◆ **Exercise objective**: For each line below with the word "xmlns", write out a copy.

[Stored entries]
□ □ □
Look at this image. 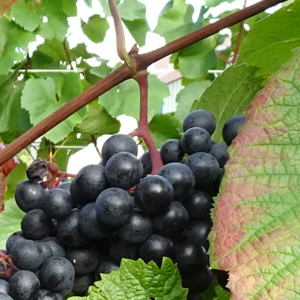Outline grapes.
<instances>
[{"label":"grapes","mask_w":300,"mask_h":300,"mask_svg":"<svg viewBox=\"0 0 300 300\" xmlns=\"http://www.w3.org/2000/svg\"><path fill=\"white\" fill-rule=\"evenodd\" d=\"M245 122L244 114L230 117L219 143L211 139L214 116L197 109L185 117L181 141L167 140L140 159L135 140L114 133L98 165L82 167L71 182L46 189L22 181L14 200L28 213L0 251V300L86 294L124 258L161 268L170 257L191 294L213 279L225 286L227 274L210 270L207 236L227 149Z\"/></svg>","instance_id":"1"}]
</instances>
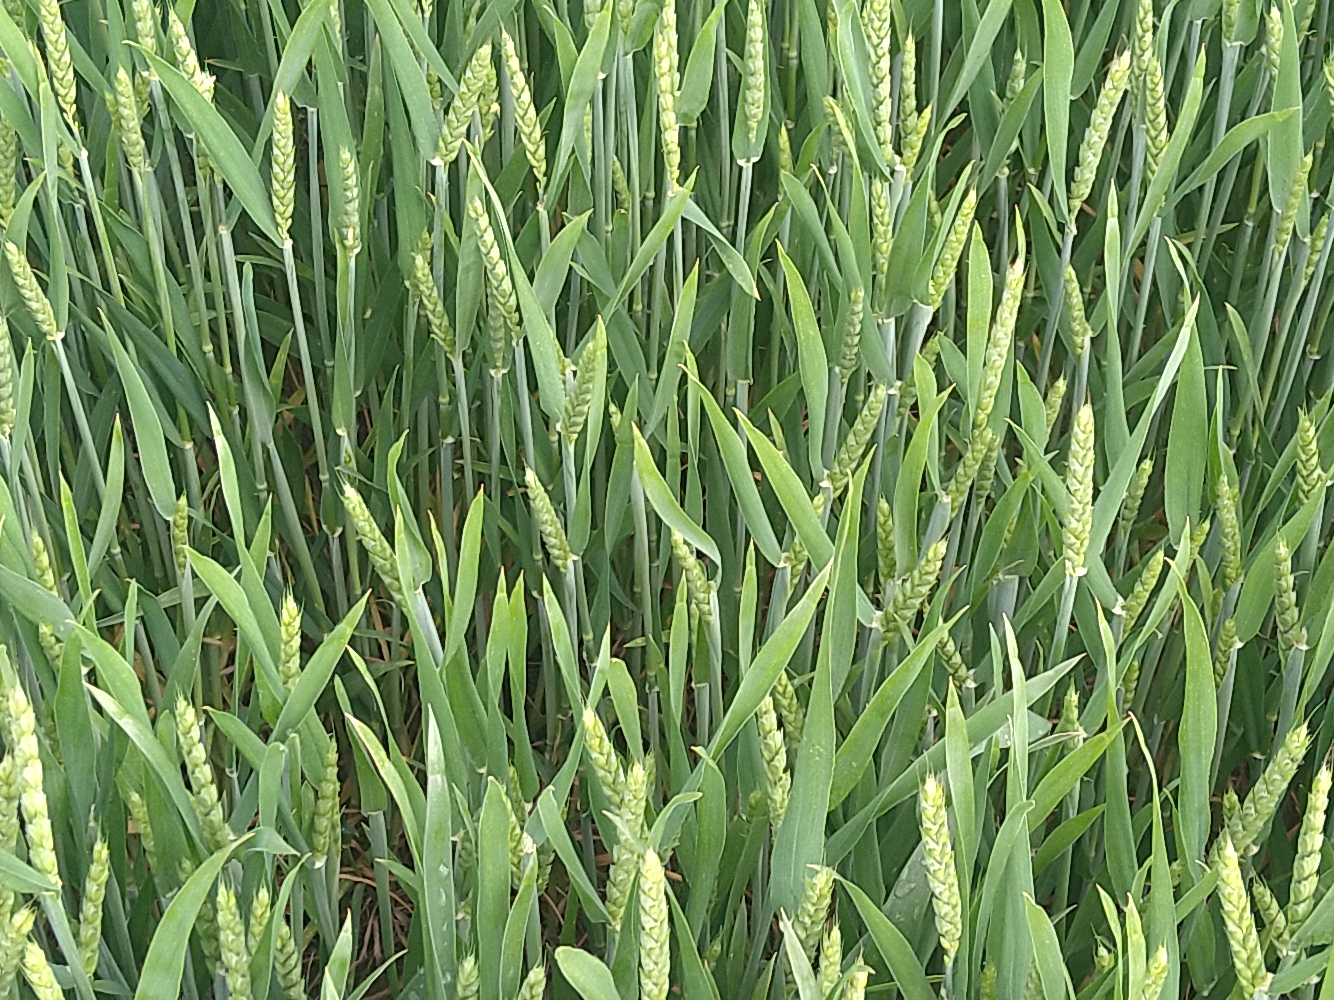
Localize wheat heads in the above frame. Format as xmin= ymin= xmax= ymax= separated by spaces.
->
xmin=76 ymin=841 xmax=111 ymax=972
xmin=920 ymin=776 xmax=961 ymax=962
xmin=508 ymin=966 xmax=548 ymax=1000
xmin=274 ymin=94 xmax=294 ymax=225
xmin=174 ymin=494 xmax=186 ymax=575
xmin=427 ymin=61 xmax=441 ymax=110
xmin=827 ymin=1 xmax=844 ymax=51
xmin=21 ymin=943 xmax=98 ymax=1000
xmin=1273 ymin=544 xmax=1305 ymax=670
xmin=971 ymin=438 xmax=1002 ymax=513
xmin=1046 ymin=380 xmax=1065 ymax=444
xmin=129 ymin=792 xmax=158 ymax=879
xmin=104 ymin=87 xmax=122 ymax=134
xmin=686 ymin=597 xmax=703 ymax=660
xmin=896 ymin=333 xmax=942 ymax=411
xmin=0 ymin=758 xmax=27 ymax=847
xmin=1185 ymin=519 xmax=1210 ymax=566
xmin=981 ymin=270 xmax=1026 ymax=413
xmin=939 ymin=427 xmax=993 ymax=513
xmin=612 ymin=154 xmax=628 ymax=226
xmin=0 ymin=116 xmax=17 ymax=227
xmin=1115 ymin=662 xmax=1141 ymax=714
xmin=1224 ymin=728 xmax=1312 ymax=850
xmin=1222 ymin=788 xmax=1242 ymax=839
xmin=0 ymin=881 xmax=15 ymax=945
xmin=825 ymin=104 xmax=850 ymax=172
xmin=584 ymin=707 xmax=634 ymax=797
xmin=935 ymin=620 xmax=970 ymax=692
xmin=247 ymin=886 xmax=273 ymax=954
xmin=641 ymin=849 xmax=671 ymax=1000
xmin=1250 ymin=878 xmax=1292 ymax=957
xmin=584 ymin=100 xmax=590 ymax=160
xmin=524 ymin=469 xmax=567 ymax=570
xmin=180 ymin=858 xmax=223 ymax=980
xmin=272 ymin=917 xmax=307 ymax=1000
xmin=6 ymin=242 xmax=58 ymax=332
xmin=875 ymin=540 xmax=944 ymax=658
xmin=123 ymin=0 xmax=161 ymax=37
xmin=201 ymin=76 xmax=218 ymax=178
xmin=19 ymin=670 xmax=59 ymax=892
xmin=0 ymin=909 xmax=38 ymax=1000
xmin=1193 ymin=591 xmax=1226 ymax=625
xmin=1267 ymin=4 xmax=1285 ymax=109
xmin=1107 ymin=549 xmax=1163 ymax=647
xmin=310 ymin=743 xmax=340 ymax=859
xmin=545 ymin=360 xmax=576 ymax=441
xmin=743 ymin=0 xmax=764 ymax=139
xmin=1054 ymin=690 xmax=1081 ymax=732
xmin=893 ymin=37 xmax=915 ymax=147
xmin=1131 ymin=0 xmax=1154 ymax=116
xmin=1295 ymin=416 xmax=1318 ymax=510
xmin=333 ymin=775 xmax=343 ymax=842
xmin=775 ymin=121 xmax=787 ymax=204
xmin=836 ymin=391 xmax=887 ymax=494
xmin=510 ymin=767 xmax=527 ymax=830
xmin=877 ymin=496 xmax=911 ymax=575
xmin=657 ymin=0 xmax=683 ymax=188
xmin=670 ymin=529 xmax=717 ymax=629
xmin=0 ymin=310 xmax=16 ymax=441
xmin=1121 ymin=460 xmax=1153 ymax=535
xmin=609 ymin=768 xmax=650 ymax=941
xmin=411 ymin=250 xmax=454 ymax=353
xmin=560 ymin=343 xmax=603 ymax=437
xmin=1147 ymin=55 xmax=1168 ymax=194
xmin=1219 ymin=0 xmax=1242 ymax=42
xmin=1209 ymin=621 xmax=1240 ymax=682
xmin=756 ymin=695 xmax=788 ymax=836
xmin=773 ymin=669 xmax=806 ymax=763
xmin=852 ymin=0 xmax=888 ymax=143
xmin=838 ymin=291 xmax=861 ymax=363
xmin=981 ymin=961 xmax=997 ymax=1000
xmin=454 ymin=953 xmax=483 ymax=1000
xmin=173 ymin=696 xmax=236 ymax=848
xmin=441 ymin=42 xmax=493 ymax=160
xmin=1004 ymin=53 xmax=1027 ymax=109
xmin=1077 ymin=952 xmax=1117 ymax=1000
xmin=279 ymin=592 xmax=299 ymax=682
xmin=0 ymin=0 xmax=24 ymax=27
xmin=1063 ymin=265 xmax=1081 ymax=363
xmin=1309 ymin=216 xmax=1331 ymax=282
xmin=474 ymin=70 xmax=499 ymax=134
xmin=341 ymin=482 xmax=405 ymax=608
xmin=0 ymin=649 xmax=11 ymax=754
xmin=405 ymin=226 xmax=434 ymax=303
xmin=998 ymin=499 xmax=1022 ymax=555
xmin=1287 ymin=766 xmax=1332 ymax=932
xmin=1208 ymin=829 xmax=1266 ymax=1000
xmin=1071 ymin=53 xmax=1130 ymax=208
xmin=465 ymin=0 xmax=488 ymax=31
xmin=1276 ymin=156 xmax=1310 ymax=259
xmin=789 ymin=496 xmax=825 ymax=587
xmin=875 ymin=181 xmax=898 ymax=291
xmin=170 ymin=9 xmax=195 ymax=88
xmin=817 ymin=928 xmax=843 ymax=1000
xmin=639 ymin=752 xmax=655 ymax=791
xmin=38 ymin=629 xmax=63 ymax=680
xmin=514 ymin=812 xmax=561 ymax=882
xmin=36 ymin=0 xmax=75 ymax=120
xmin=501 ymin=31 xmax=548 ymax=181
xmin=340 ymin=144 xmax=361 ymax=250
xmin=1005 ymin=957 xmax=1046 ymax=1000
xmin=128 ymin=862 xmax=146 ymax=921
xmin=932 ymin=190 xmax=976 ymax=300
xmin=781 ymin=872 xmax=835 ymax=996
xmin=467 ymin=197 xmax=520 ymax=322
xmin=908 ymin=107 xmax=932 ymax=173
xmin=830 ymin=958 xmax=867 ymax=1000
xmin=1122 ymin=948 xmax=1171 ymax=1000
xmin=443 ymin=814 xmax=484 ymax=900
xmin=1063 ymin=408 xmax=1094 ymax=573
xmin=115 ymin=66 xmax=145 ymax=165
xmin=28 ymin=530 xmax=56 ymax=599
xmin=488 ymin=280 xmax=505 ymax=364
xmin=1215 ymin=479 xmax=1236 ymax=592
xmin=215 ymin=886 xmax=253 ymax=1000
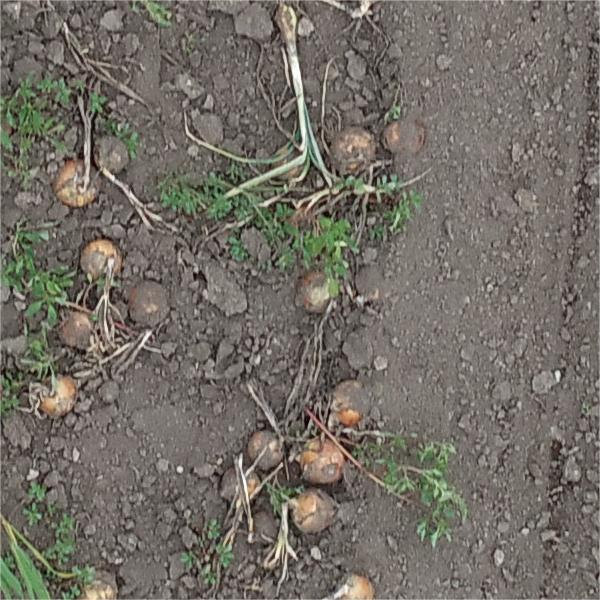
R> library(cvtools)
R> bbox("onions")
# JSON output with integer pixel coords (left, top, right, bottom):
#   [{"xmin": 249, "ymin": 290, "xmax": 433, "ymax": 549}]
[
  {"xmin": 36, "ymin": 375, "xmax": 75, "ymax": 414},
  {"xmin": 382, "ymin": 117, "xmax": 423, "ymax": 153},
  {"xmin": 336, "ymin": 571, "xmax": 375, "ymax": 599},
  {"xmin": 273, "ymin": 148, "xmax": 299, "ymax": 178},
  {"xmin": 75, "ymin": 572, "xmax": 117, "ymax": 600},
  {"xmin": 290, "ymin": 206, "xmax": 314, "ymax": 229},
  {"xmin": 301, "ymin": 441, "xmax": 342, "ymax": 486},
  {"xmin": 125, "ymin": 281, "xmax": 164, "ymax": 324},
  {"xmin": 329, "ymin": 126, "xmax": 374, "ymax": 171},
  {"xmin": 225, "ymin": 465, "xmax": 258, "ymax": 504},
  {"xmin": 52, "ymin": 160, "xmax": 96, "ymax": 205},
  {"xmin": 294, "ymin": 270, "xmax": 331, "ymax": 311},
  {"xmin": 58, "ymin": 309, "xmax": 92, "ymax": 347},
  {"xmin": 98, "ymin": 140, "xmax": 130, "ymax": 172},
  {"xmin": 247, "ymin": 431, "xmax": 283, "ymax": 467},
  {"xmin": 79, "ymin": 240, "xmax": 118, "ymax": 282},
  {"xmin": 329, "ymin": 379, "xmax": 367, "ymax": 426},
  {"xmin": 291, "ymin": 488, "xmax": 336, "ymax": 531}
]
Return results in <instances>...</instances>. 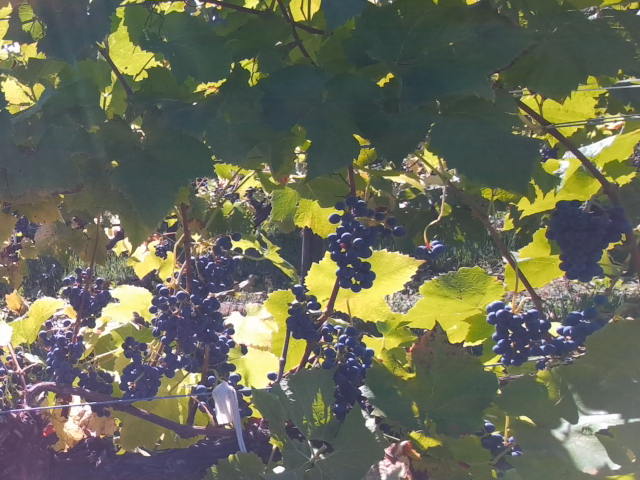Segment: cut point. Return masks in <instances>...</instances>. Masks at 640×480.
I'll use <instances>...</instances> for the list:
<instances>
[{"mask_svg":"<svg viewBox=\"0 0 640 480\" xmlns=\"http://www.w3.org/2000/svg\"><path fill=\"white\" fill-rule=\"evenodd\" d=\"M508 253H509V255H510V256H512V257L514 258V261H515V265H514V268H515V281H514V288H513V291H517V283H518V275H517V271H518L517 256H516V254H514V253H513V252H511V251H508Z\"/></svg>","mask_w":640,"mask_h":480,"instance_id":"cut-point-1","label":"cut point"},{"mask_svg":"<svg viewBox=\"0 0 640 480\" xmlns=\"http://www.w3.org/2000/svg\"><path fill=\"white\" fill-rule=\"evenodd\" d=\"M444 196H445V185L442 183V194H441V211L436 218V221H439L444 213Z\"/></svg>","mask_w":640,"mask_h":480,"instance_id":"cut-point-2","label":"cut point"},{"mask_svg":"<svg viewBox=\"0 0 640 480\" xmlns=\"http://www.w3.org/2000/svg\"><path fill=\"white\" fill-rule=\"evenodd\" d=\"M181 239H182V234H181L180 236H178V238L176 239V242H175V244H174V247H173V263H174V264H177V260H176V250H177V247H178L179 242H180V240H181Z\"/></svg>","mask_w":640,"mask_h":480,"instance_id":"cut-point-3","label":"cut point"},{"mask_svg":"<svg viewBox=\"0 0 640 480\" xmlns=\"http://www.w3.org/2000/svg\"><path fill=\"white\" fill-rule=\"evenodd\" d=\"M531 299H532V297H531V296L524 297V299H522V300L520 301V303L518 304V306H517V311H520V309H521V307L523 306V304H524L525 302H527V301L531 300Z\"/></svg>","mask_w":640,"mask_h":480,"instance_id":"cut-point-4","label":"cut point"}]
</instances>
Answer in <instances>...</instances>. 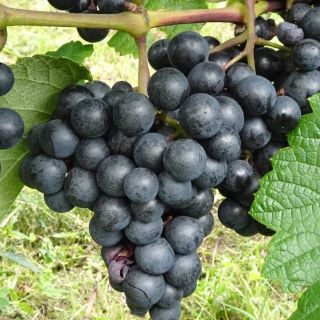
□ □ □
◆ **Exercise response**:
[{"label":"grapes","mask_w":300,"mask_h":300,"mask_svg":"<svg viewBox=\"0 0 300 300\" xmlns=\"http://www.w3.org/2000/svg\"><path fill=\"white\" fill-rule=\"evenodd\" d=\"M245 122L244 114L230 117L219 143L211 139L214 116L197 109L185 117L181 141L167 140L140 159L135 140L114 133L98 165L82 167L71 182L46 189L22 181L14 200L28 213L0 251V300L86 294L124 258L161 268L170 257L191 294L213 279L225 286L227 274L210 270L207 236L227 149Z\"/></svg>","instance_id":"1"}]
[{"mask_svg":"<svg viewBox=\"0 0 640 480\" xmlns=\"http://www.w3.org/2000/svg\"><path fill=\"white\" fill-rule=\"evenodd\" d=\"M508 253H509V255H510V256H512V257L514 258V261H515V265H514V268H515V281H514V288H513V291H517V283H518V275H517V271H518L517 256H516V254H514V253H513V252H511V251H508Z\"/></svg>","mask_w":640,"mask_h":480,"instance_id":"cut-point-1","label":"cut point"},{"mask_svg":"<svg viewBox=\"0 0 640 480\" xmlns=\"http://www.w3.org/2000/svg\"><path fill=\"white\" fill-rule=\"evenodd\" d=\"M444 196H445V185L442 183V194H441V211L436 218V221H439L444 213Z\"/></svg>","mask_w":640,"mask_h":480,"instance_id":"cut-point-2","label":"cut point"},{"mask_svg":"<svg viewBox=\"0 0 640 480\" xmlns=\"http://www.w3.org/2000/svg\"><path fill=\"white\" fill-rule=\"evenodd\" d=\"M181 239H182V234H181L180 236H178V238L176 239V242H175V244H174V247H173V263H174V264H177V260H176V250H177V247H178L179 242H180V240H181Z\"/></svg>","mask_w":640,"mask_h":480,"instance_id":"cut-point-3","label":"cut point"},{"mask_svg":"<svg viewBox=\"0 0 640 480\" xmlns=\"http://www.w3.org/2000/svg\"><path fill=\"white\" fill-rule=\"evenodd\" d=\"M531 299H532V297H531V296L524 297V299H522V300L520 301V303L518 304V306H517V311H520V309H521V307L523 306V304H524L525 302H527V301L531 300Z\"/></svg>","mask_w":640,"mask_h":480,"instance_id":"cut-point-4","label":"cut point"}]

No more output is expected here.